Extracted data entries:
══════

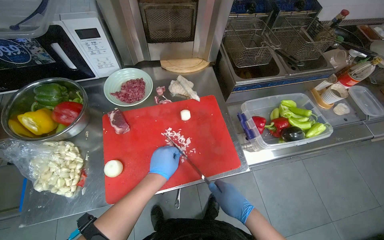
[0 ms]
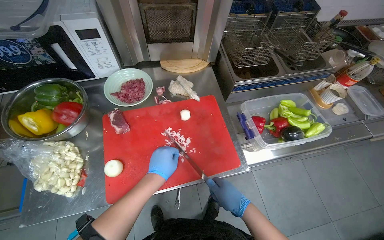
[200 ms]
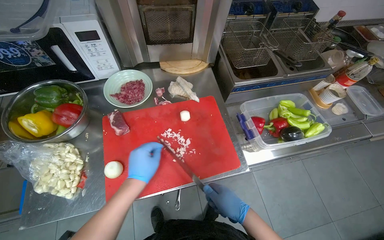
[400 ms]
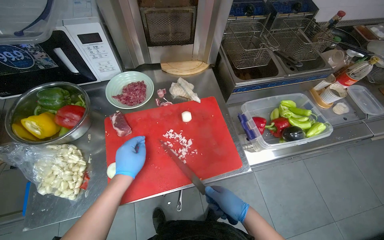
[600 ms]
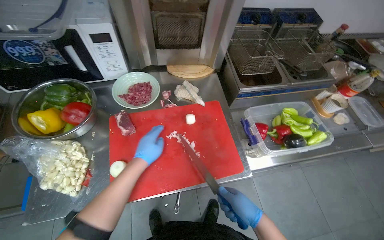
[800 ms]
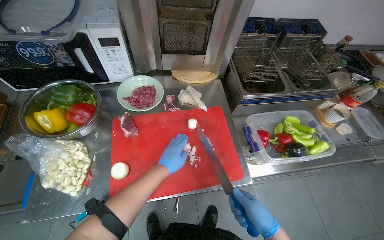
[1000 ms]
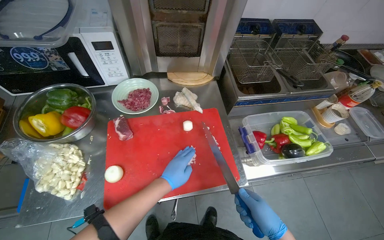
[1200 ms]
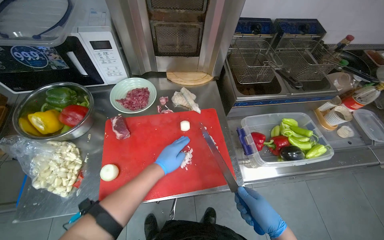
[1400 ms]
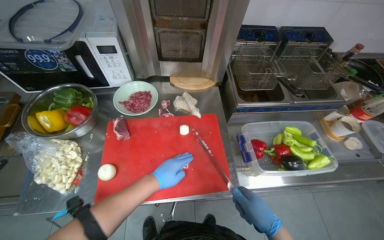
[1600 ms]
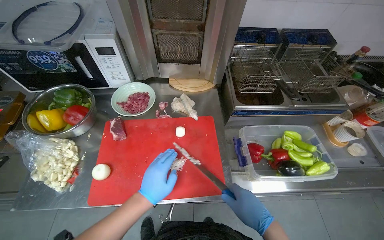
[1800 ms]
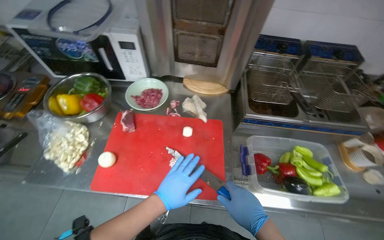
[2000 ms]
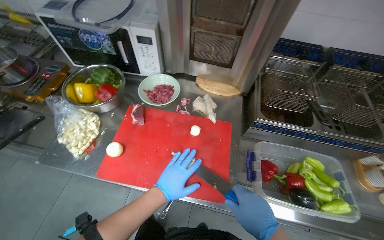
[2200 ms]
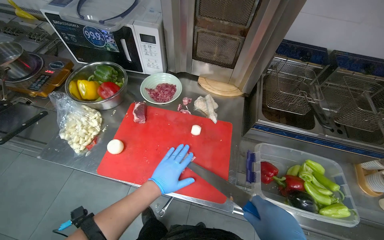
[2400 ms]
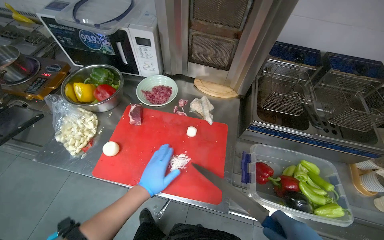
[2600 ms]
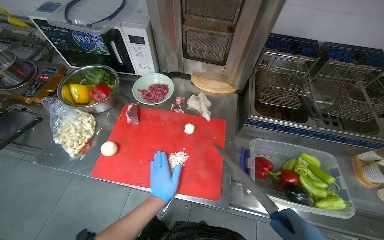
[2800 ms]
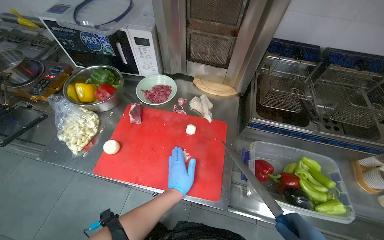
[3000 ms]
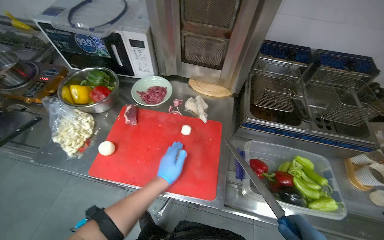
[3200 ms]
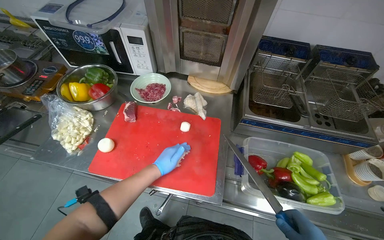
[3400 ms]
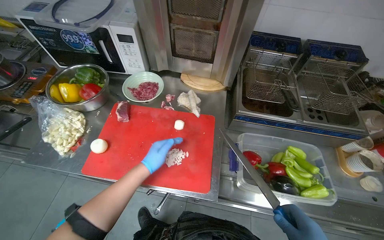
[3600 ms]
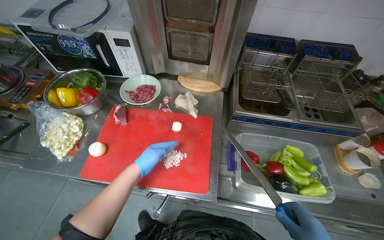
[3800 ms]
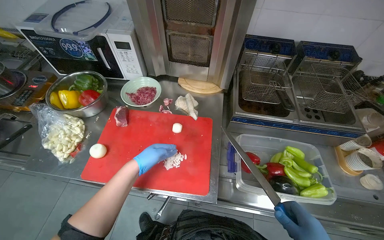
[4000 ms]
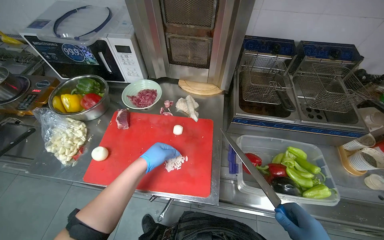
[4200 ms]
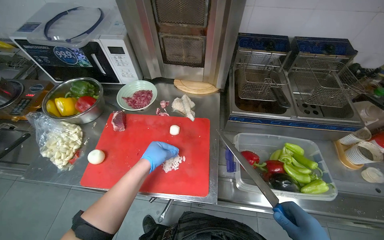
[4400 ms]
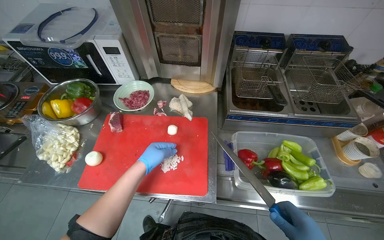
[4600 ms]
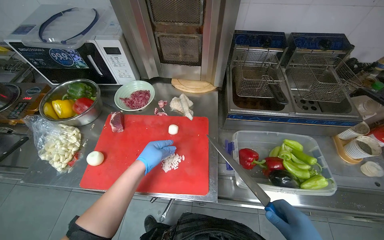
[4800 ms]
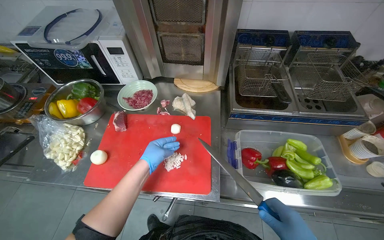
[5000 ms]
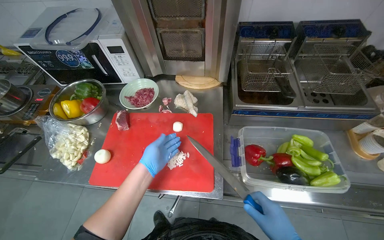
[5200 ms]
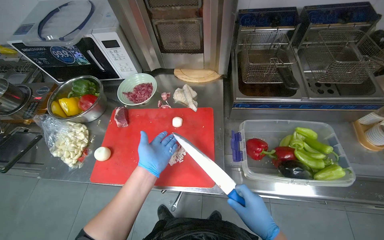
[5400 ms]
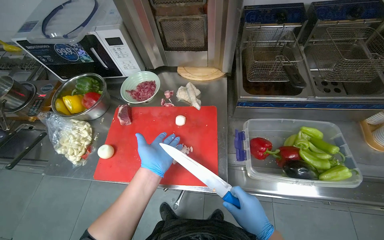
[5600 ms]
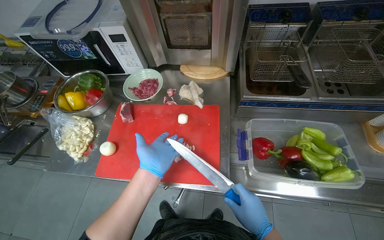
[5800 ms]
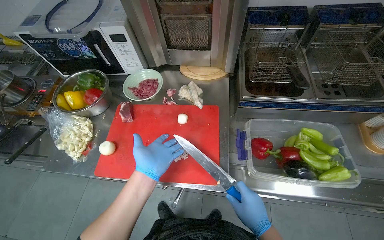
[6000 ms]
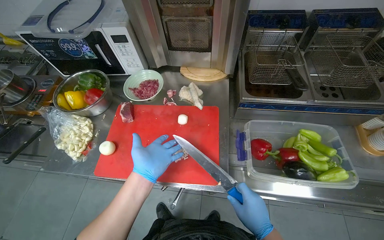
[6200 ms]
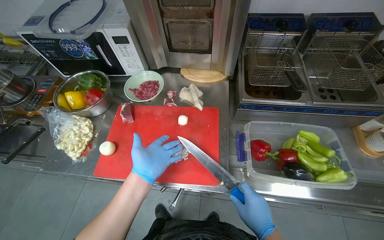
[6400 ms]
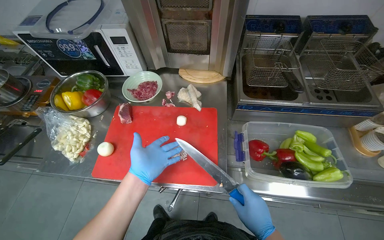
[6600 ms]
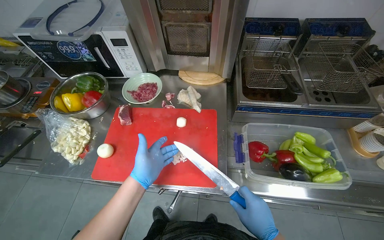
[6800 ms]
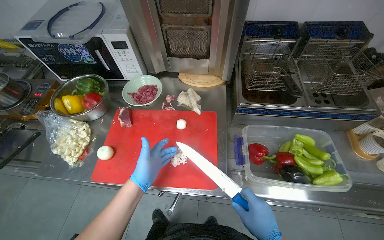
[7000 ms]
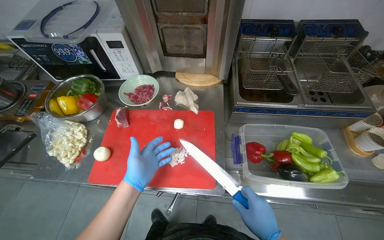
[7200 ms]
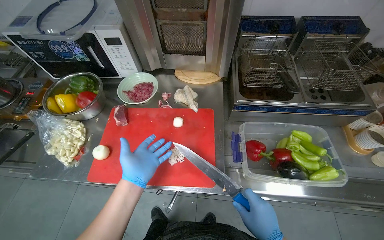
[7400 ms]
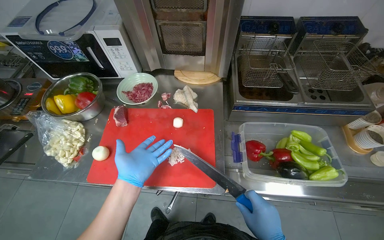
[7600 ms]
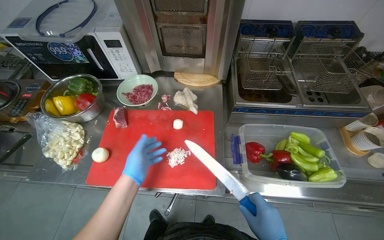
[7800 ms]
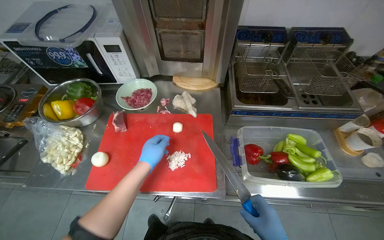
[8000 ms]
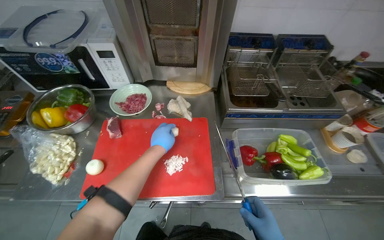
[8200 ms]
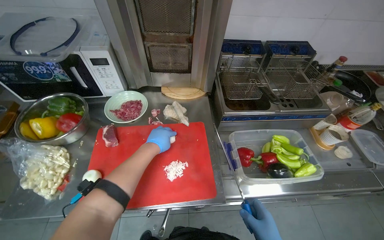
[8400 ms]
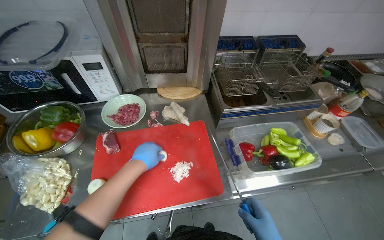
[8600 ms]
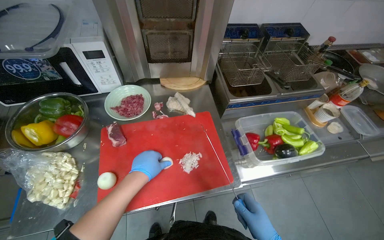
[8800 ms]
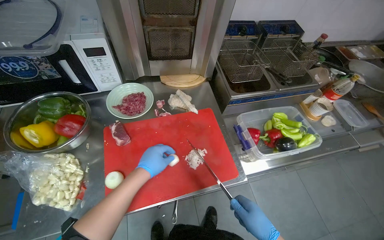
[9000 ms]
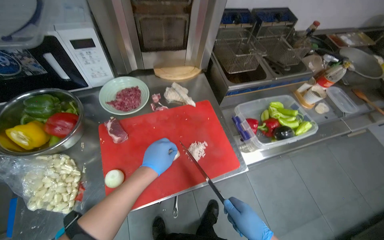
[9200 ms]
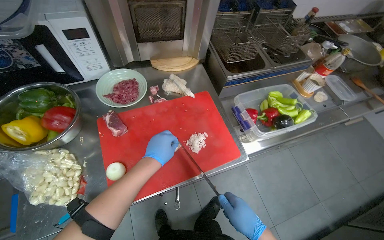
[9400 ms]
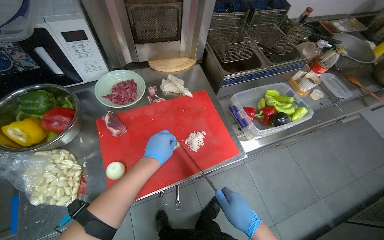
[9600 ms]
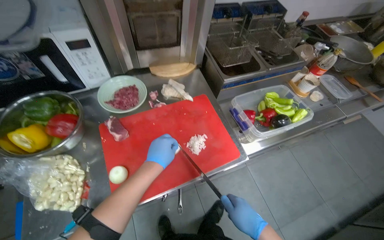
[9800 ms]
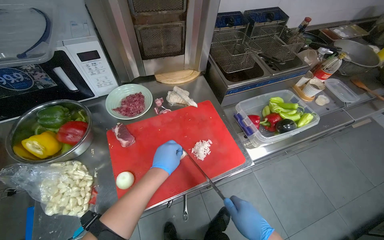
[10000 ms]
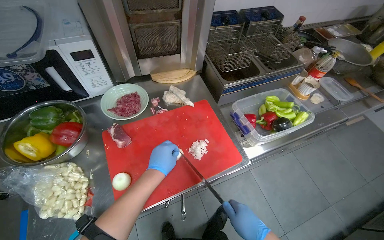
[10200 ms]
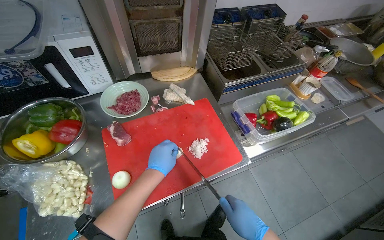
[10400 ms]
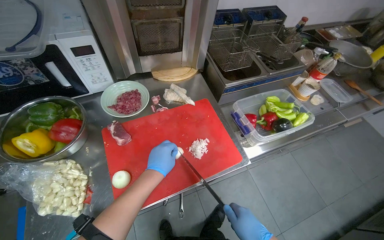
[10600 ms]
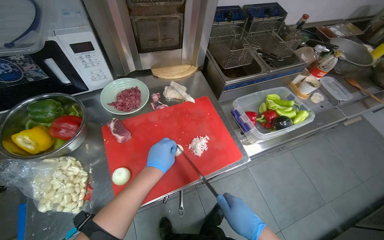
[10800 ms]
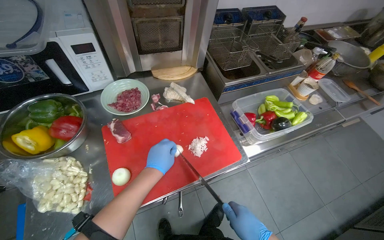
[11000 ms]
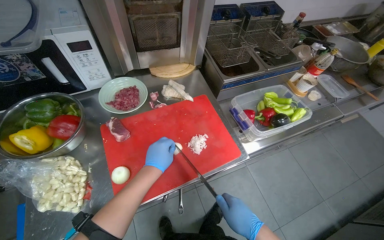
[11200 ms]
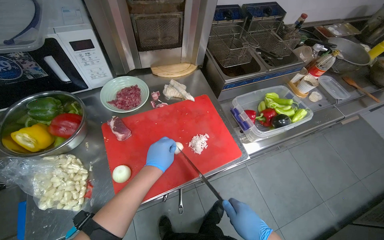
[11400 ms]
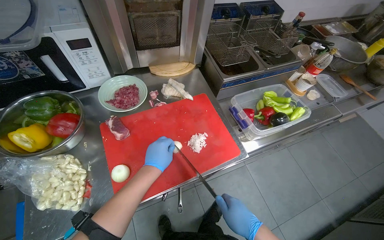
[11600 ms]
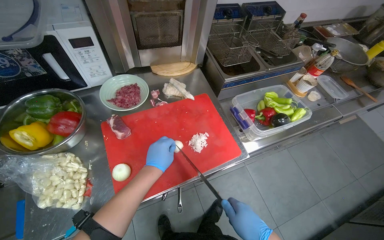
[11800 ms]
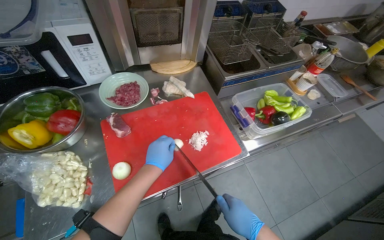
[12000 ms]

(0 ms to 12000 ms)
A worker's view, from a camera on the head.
Job: preparing food.
The whole recording: Chopping onions on cutting board. The worker chops onions into small pieces on a red cutting board.
0 ms - 1600 ms: The right hand moves to the right, roughly 10 cm.
1600 ms - 3000 ms: The head turns to the left by some 20 degrees. The left hand goes some 10 cm to the right.
3000 ms - 4400 ms: The left hand shifts some 10 cm up the picture.
7600 ms - 9000 ms: The head rotates roughly 20 degrees to the right. The left hand travels farther from the camera and back again, about 10 cm each way.

══════

### [Task]
Print each entry shown above with exact wording and no pictures.

### [Answer section]
[0 ms]
[200 ms]
[400 ms]
[600 ms]
[800 ms]
[1000 ms]
[1200 ms]
[1400 ms]
[1600 ms]
[1800 ms]
[2000 ms]
[2200 ms]
[2400 ms]
[2600 ms]
[2800 ms]
[3000 ms]
[3200 ms]
[3400 ms]
[3600 ms]
[3800 ms]
[4000 ms]
[4200 ms]
[4400 ms]
[4600 ms]
[4800 ms]
[5000 ms]
[5200 ms]
[5400 ms]
[5600 ms]
[5800 ms]
[6000 ms]
[6200 ms]
[6400 ms]
[6600 ms]
[6800 ms]
[7000 ms]
[7200 ms]
[7400 ms]
[7600 ms]
[7800 ms]
[8000 ms]
[8200 ms]
[8400 ms]
[8600 ms]
[8800 ms]
[9000 ms]
[9200 ms]
[9400 ms]
[9600 ms]
[9800 ms]
[10000 ms]
[10200 ms]
[10400 ms]
[10600 ms]
[10800 ms]
[11000 ms]
[11200 ms]
[11400 ms]
[11600 ms]
[11800 ms]
[12000 ms]

(0 ms to 12000 ms)
A worker's view, from a camera on the head.
Job: preparing food.
The whole recording: Chopping onions on cutting board. The worker chops onions into small pieces on a red cutting board.
0 ms - 1600 ms: The right hand moves to the right, roughly 10 cm.
1600 ms - 3000 ms: The head turns to the left by some 20 degrees. The left hand goes some 10 cm to the right.
3000 ms - 4400 ms: The left hand shifts some 10 cm up the picture.
7600 ms - 9000 ms: The head rotates roughly 20 degrees to the right. The left hand travels farther from the camera and back again, about 10 cm each way.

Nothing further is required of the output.